[Stored data]
****************************************
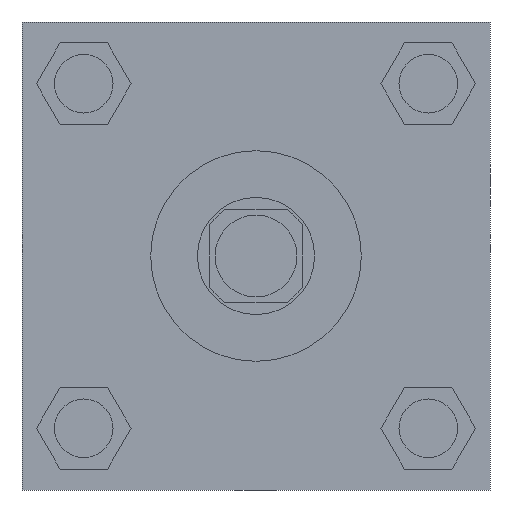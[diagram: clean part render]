
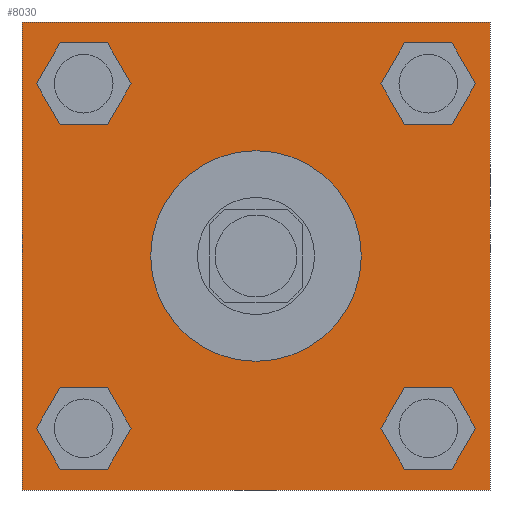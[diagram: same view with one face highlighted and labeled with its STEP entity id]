
A CAD part, front view. The second image highlights one B-rep face of the part: STEP entity #8030.
In plain terms, the highlighted planar face has unit normal (0, -1, 0).
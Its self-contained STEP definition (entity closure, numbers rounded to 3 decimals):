
#424=EDGE_CURVE('',#430,#430,#425,.T.);
#425=CIRCLE('',#426,14.288);
#426=AXIS2_PLACEMENT_3D('',#427,#428,#429);
#427=CARTESIAN_POINT('',(0.,15.875,0.));
#428=DIRECTION('',(0.,1.,0.));
#429=DIRECTION('',(1.,0.,0.));
#430=VERTEX_POINT('',#431);
#431=CARTESIAN_POINT('',(14.288,15.875,0.));
#562=VERTEX_POINT('',#563);
#563=CARTESIAN_POINT('',(31.75,15.875,-31.75));
#564=EDGE_CURVE('',#569,#562,#565,.T.);
#565=LINE('',#566,#567);
#566=CARTESIAN_POINT('',(-31.75,15.875,-31.75));
#567=VECTOR('',#568,1.);
#568=DIRECTION('',(1.,0.,0.));
#569=VERTEX_POINT('',#570);
#570=CARTESIAN_POINT('',(-31.75,15.875,-31.75));
#603=VERTEX_POINT('',#604);
#604=CARTESIAN_POINT('',(-31.75,15.875,31.75));
#605=EDGE_CURVE('',#610,#603,#606,.T.);
#606=LINE('',#607,#608);
#607=CARTESIAN_POINT('',(31.75,15.875,31.75));
#608=VECTOR('',#609,1.);
#609=DIRECTION('',(-1.,0.,0.));
#610=VERTEX_POINT('',#611);
#611=CARTESIAN_POINT('',(31.75,15.875,31.75));
#639=EDGE_CURVE('',#603,#569,#640,.T.);
#640=LINE('',#641,#642);
#641=CARTESIAN_POINT('',(-31.75,15.875,31.75));
#642=VECTOR('',#643,1.);
#643=DIRECTION('',(0.,0.,-1.));
#666=EDGE_CURVE('',#562,#610,#667,.T.);
#667=LINE('',#668,#669);
#668=CARTESIAN_POINT('',(31.75,15.875,-31.75));
#669=VECTOR('',#670,1.);
#670=DIRECTION('',(0.,0.,1.));
#793=FACE_OUTER_BOUND('',#799,.T.);
#794=FACE_BOUND('',#800,.T.);
#795=FACE_BOUND('',#801,.T.);
#796=FACE_BOUND('',#802,.T.);
#797=FACE_BOUND('',#803,.T.);
#798=FACE_BOUND('',#804,.T.);
#799=EDGE_LOOP('',(#805,#806,#807,#808,#809,#810));
#800=EDGE_LOOP('',(#853,#854,#855,#856,#857,#858));
#801=EDGE_LOOP('',(#901,#902,#903,#904));
#802=EDGE_LOOP('',(#905));
#803=EDGE_LOOP('',(#914,#915,#916,#917,#918,#919));
#804=EDGE_LOOP('',(#962,#963,#964,#965,#966,#967));
#805=ORIENTED_EDGE('',*,*,#811,.F.);
#806=ORIENTED_EDGE('',*,*,#820,.F.);
#807=ORIENTED_EDGE('',*,*,#827,.F.);
#808=ORIENTED_EDGE('',*,*,#834,.F.);
#809=ORIENTED_EDGE('',*,*,#841,.F.);
#810=ORIENTED_EDGE('',*,*,#848,.F.);
#811=EDGE_CURVE('',#816,#817,#812,.T.);
#812=LINE('',#813,#814);
#813=CARTESIAN_POINT('',(-29.784,15.875,-23.368));
#814=VECTOR('',#815,1.);
#815=DIRECTION('',(0.5,0.,-0.866));
#816=VERTEX_POINT('',#818);
#817=VERTEX_POINT('',#819);
#818=CARTESIAN_POINT('',(-29.784,15.875,-23.368));
#819=CARTESIAN_POINT('',(-26.576,15.875,-28.924));
#820=EDGE_CURVE('',#825,#816,#821,.T.);
#821=LINE('',#822,#823);
#822=CARTESIAN_POINT('',(-26.576,15.875,-17.812));
#823=VECTOR('',#824,1.);
#824=DIRECTION('',(-0.5,0.,-0.866));
#825=VERTEX_POINT('',#826);
#826=CARTESIAN_POINT('',(-26.576,15.875,-17.812));
#827=EDGE_CURVE('',#832,#825,#828,.T.);
#828=LINE('',#829,#830);
#829=CARTESIAN_POINT('',(-20.16,15.875,-17.812));
#830=VECTOR('',#831,1.);
#831=DIRECTION('',(-1.,0.,0.));
#832=VERTEX_POINT('',#833);
#833=CARTESIAN_POINT('',(-20.16,15.875,-17.812));
#834=EDGE_CURVE('',#839,#832,#835,.T.);
#835=LINE('',#836,#837);
#836=CARTESIAN_POINT('',(-16.952,15.875,-23.368));
#837=VECTOR('',#838,1.);
#838=DIRECTION('',(-0.5,0.,0.866));
#839=VERTEX_POINT('',#840);
#840=CARTESIAN_POINT('',(-16.952,15.875,-23.368));
#841=EDGE_CURVE('',#846,#839,#842,.T.);
#842=LINE('',#843,#844);
#843=CARTESIAN_POINT('',(-20.16,15.875,-28.924));
#844=VECTOR('',#845,1.);
#845=DIRECTION('',(0.5,0.,0.866));
#846=VERTEX_POINT('',#847);
#847=CARTESIAN_POINT('',(-20.16,15.875,-28.924));
#848=EDGE_CURVE('',#817,#846,#849,.T.);
#849=LINE('',#850,#851);
#850=CARTESIAN_POINT('',(-26.576,15.875,-28.924));
#851=VECTOR('',#852,1.);
#852=DIRECTION('',(1.,0.,0.));
#853=ORIENTED_EDGE('',*,*,#859,.F.);
#854=ORIENTED_EDGE('',*,*,#868,.F.);
#855=ORIENTED_EDGE('',*,*,#875,.F.);
#856=ORIENTED_EDGE('',*,*,#882,.F.);
#857=ORIENTED_EDGE('',*,*,#889,.F.);
#858=ORIENTED_EDGE('',*,*,#896,.F.);
#859=EDGE_CURVE('',#864,#865,#860,.T.);
#860=LINE('',#861,#862);
#861=CARTESIAN_POINT('',(-29.784,15.875,23.368));
#862=VECTOR('',#863,1.);
#863=DIRECTION('',(0.5,0.,-0.866));
#864=VERTEX_POINT('',#866);
#865=VERTEX_POINT('',#867);
#866=CARTESIAN_POINT('',(-29.784,15.875,23.368));
#867=CARTESIAN_POINT('',(-26.576,15.875,17.812));
#868=EDGE_CURVE('',#873,#864,#869,.T.);
#869=LINE('',#870,#871);
#870=CARTESIAN_POINT('',(-26.576,15.875,28.924));
#871=VECTOR('',#872,1.);
#872=DIRECTION('',(-0.5,0.,-0.866));
#873=VERTEX_POINT('',#874);
#874=CARTESIAN_POINT('',(-26.576,15.875,28.924));
#875=EDGE_CURVE('',#880,#873,#876,.T.);
#876=LINE('',#877,#878);
#877=CARTESIAN_POINT('',(-20.16,15.875,28.924));
#878=VECTOR('',#879,1.);
#879=DIRECTION('',(-1.,0.,0.));
#880=VERTEX_POINT('',#881);
#881=CARTESIAN_POINT('',(-20.16,15.875,28.924));
#882=EDGE_CURVE('',#887,#880,#883,.T.);
#883=LINE('',#884,#885);
#884=CARTESIAN_POINT('',(-16.952,15.875,23.368));
#885=VECTOR('',#886,1.);
#886=DIRECTION('',(-0.5,0.,0.866));
#887=VERTEX_POINT('',#888);
#888=CARTESIAN_POINT('',(-16.952,15.875,23.368));
#889=EDGE_CURVE('',#894,#887,#890,.T.);
#890=LINE('',#891,#892);
#891=CARTESIAN_POINT('',(-20.16,15.875,17.812));
#892=VECTOR('',#893,1.);
#893=DIRECTION('',(0.5,0.,0.866));
#894=VERTEX_POINT('',#895);
#895=CARTESIAN_POINT('',(-20.16,15.875,17.812));
#896=EDGE_CURVE('',#865,#894,#897,.T.);
#897=LINE('',#898,#899);
#898=CARTESIAN_POINT('',(-26.576,15.875,17.812));
#899=VECTOR('',#900,1.);
#900=DIRECTION('',(1.,0.,0.));
#901=ORIENTED_EDGE('',*,*,#639,.T.);
#902=ORIENTED_EDGE('',*,*,#564,.T.);
#903=ORIENTED_EDGE('',*,*,#666,.T.);
#904=ORIENTED_EDGE('',*,*,#605,.T.);
#905=ORIENTED_EDGE('',*,*,#424,.F.);
#914=ORIENTED_EDGE('',*,*,#920,.F.);
#915=ORIENTED_EDGE('',*,*,#929,.F.);
#916=ORIENTED_EDGE('',*,*,#936,.F.);
#917=ORIENTED_EDGE('',*,*,#943,.F.);
#918=ORIENTED_EDGE('',*,*,#950,.F.);
#919=ORIENTED_EDGE('',*,*,#957,.F.);
#920=EDGE_CURVE('',#925,#926,#921,.T.);
#921=LINE('',#922,#923);
#922=CARTESIAN_POINT('',(16.952,15.875,-23.368));
#923=VECTOR('',#924,1.);
#924=DIRECTION('',(0.5,0.,-0.866));
#925=VERTEX_POINT('',#927);
#926=VERTEX_POINT('',#928);
#927=CARTESIAN_POINT('',(16.952,15.875,-23.368));
#928=CARTESIAN_POINT('',(20.16,15.875,-28.924));
#929=EDGE_CURVE('',#934,#925,#930,.T.);
#930=LINE('',#931,#932);
#931=CARTESIAN_POINT('',(20.16,15.875,-17.812));
#932=VECTOR('',#933,1.);
#933=DIRECTION('',(-0.5,0.,-0.866));
#934=VERTEX_POINT('',#935);
#935=CARTESIAN_POINT('',(20.16,15.875,-17.812));
#936=EDGE_CURVE('',#941,#934,#937,.T.);
#937=LINE('',#938,#939);
#938=CARTESIAN_POINT('',(26.576,15.875,-17.812));
#939=VECTOR('',#940,1.);
#940=DIRECTION('',(-1.,0.,0.));
#941=VERTEX_POINT('',#942);
#942=CARTESIAN_POINT('',(26.576,15.875,-17.812));
#943=EDGE_CURVE('',#948,#941,#944,.T.);
#944=LINE('',#945,#946);
#945=CARTESIAN_POINT('',(29.784,15.875,-23.368));
#946=VECTOR('',#947,1.);
#947=DIRECTION('',(-0.5,0.,0.866));
#948=VERTEX_POINT('',#949);
#949=CARTESIAN_POINT('',(29.784,15.875,-23.368));
#950=EDGE_CURVE('',#955,#948,#951,.T.);
#951=LINE('',#952,#953);
#952=CARTESIAN_POINT('',(26.576,15.875,-28.924));
#953=VECTOR('',#954,1.);
#954=DIRECTION('',(0.5,0.,0.866));
#955=VERTEX_POINT('',#956);
#956=CARTESIAN_POINT('',(26.576,15.875,-28.924));
#957=EDGE_CURVE('',#926,#955,#958,.T.);
#958=LINE('',#959,#960);
#959=CARTESIAN_POINT('',(20.16,15.875,-28.924));
#960=VECTOR('',#961,1.);
#961=DIRECTION('',(1.,0.,0.));
#962=ORIENTED_EDGE('',*,*,#968,.F.);
#963=ORIENTED_EDGE('',*,*,#977,.F.);
#964=ORIENTED_EDGE('',*,*,#984,.F.);
#965=ORIENTED_EDGE('',*,*,#991,.F.);
#966=ORIENTED_EDGE('',*,*,#998,.F.);
#967=ORIENTED_EDGE('',*,*,#1005,.F.);
#968=EDGE_CURVE('',#973,#974,#969,.T.);
#969=LINE('',#970,#971);
#970=CARTESIAN_POINT('',(16.952,15.875,23.368));
#971=VECTOR('',#972,1.);
#972=DIRECTION('',(0.5,0.,-0.866));
#973=VERTEX_POINT('',#975);
#974=VERTEX_POINT('',#976);
#975=CARTESIAN_POINT('',(16.952,15.875,23.368));
#976=CARTESIAN_POINT('',(20.16,15.875,17.812));
#977=EDGE_CURVE('',#982,#973,#978,.T.);
#978=LINE('',#979,#980);
#979=CARTESIAN_POINT('',(20.16,15.875,28.924));
#980=VECTOR('',#981,1.);
#981=DIRECTION('',(-0.5,0.,-0.866));
#982=VERTEX_POINT('',#983);
#983=CARTESIAN_POINT('',(20.16,15.875,28.924));
#984=EDGE_CURVE('',#989,#982,#985,.T.);
#985=LINE('',#986,#987);
#986=CARTESIAN_POINT('',(26.576,15.875,28.924));
#987=VECTOR('',#988,1.);
#988=DIRECTION('',(-1.,0.,0.));
#989=VERTEX_POINT('',#990);
#990=CARTESIAN_POINT('',(26.576,15.875,28.924));
#991=EDGE_CURVE('',#996,#989,#992,.T.);
#992=LINE('',#993,#994);
#993=CARTESIAN_POINT('',(29.784,15.875,23.368));
#994=VECTOR('',#995,1.);
#995=DIRECTION('',(-0.5,0.,0.866));
#996=VERTEX_POINT('',#997);
#997=CARTESIAN_POINT('',(29.784,15.875,23.368));
#998=EDGE_CURVE('',#1003,#996,#999,.T.);
#999=LINE('',#1000,#1001);
#1000=CARTESIAN_POINT('',(26.576,15.875,17.812));
#1001=VECTOR('',#1002,1.);
#1002=DIRECTION('',(0.5,0.,0.866));
#1003=VERTEX_POINT('',#1004);
#1004=CARTESIAN_POINT('',(26.576,15.875,17.812));
#1005=EDGE_CURVE('',#974,#1003,#1006,.T.);
#1006=LINE('',#1007,#1008);
#1007=CARTESIAN_POINT('',(20.16,15.875,17.812));
#1008=VECTOR('',#1009,1.);
#1009=DIRECTION('',(1.,0.,0.));
#1010=PLANE('',#1011);
#1011=AXIS2_PLACEMENT_3D('',#1012,#1013,#1014);
#1012=CARTESIAN_POINT('',(-31.75,15.875,31.75));
#1013=DIRECTION('',(0.,1.,0.));
#1014=DIRECTION('',(0.,0.,1.));
#8030=ADVANCED_FACE('',(#793,#794,#795,#796,#797,#798),#1010,.F.);
****************************************
**TASK DIRECTIONS**
Your answer should be the exact lines above from the one with "#935=CARTESIAN_POINT('',(20.16,15.875,-17.812));" through the one with "#942=CARTESIAN_POINT('',(26.576,15.875,-17.812));", both included, and nothing besides.

**SOLUTION FOR THIS TASK**
#935=CARTESIAN_POINT('',(20.16,15.875,-17.812));
#936=EDGE_CURVE('',#941,#934,#937,.T.);
#937=LINE('',#938,#939);
#938=CARTESIAN_POINT('',(26.576,15.875,-17.812));
#939=VECTOR('',#940,1.);
#940=DIRECTION('',(-1.,0.,0.));
#941=VERTEX_POINT('',#942);
#942=CARTESIAN_POINT('',(26.576,15.875,-17.812));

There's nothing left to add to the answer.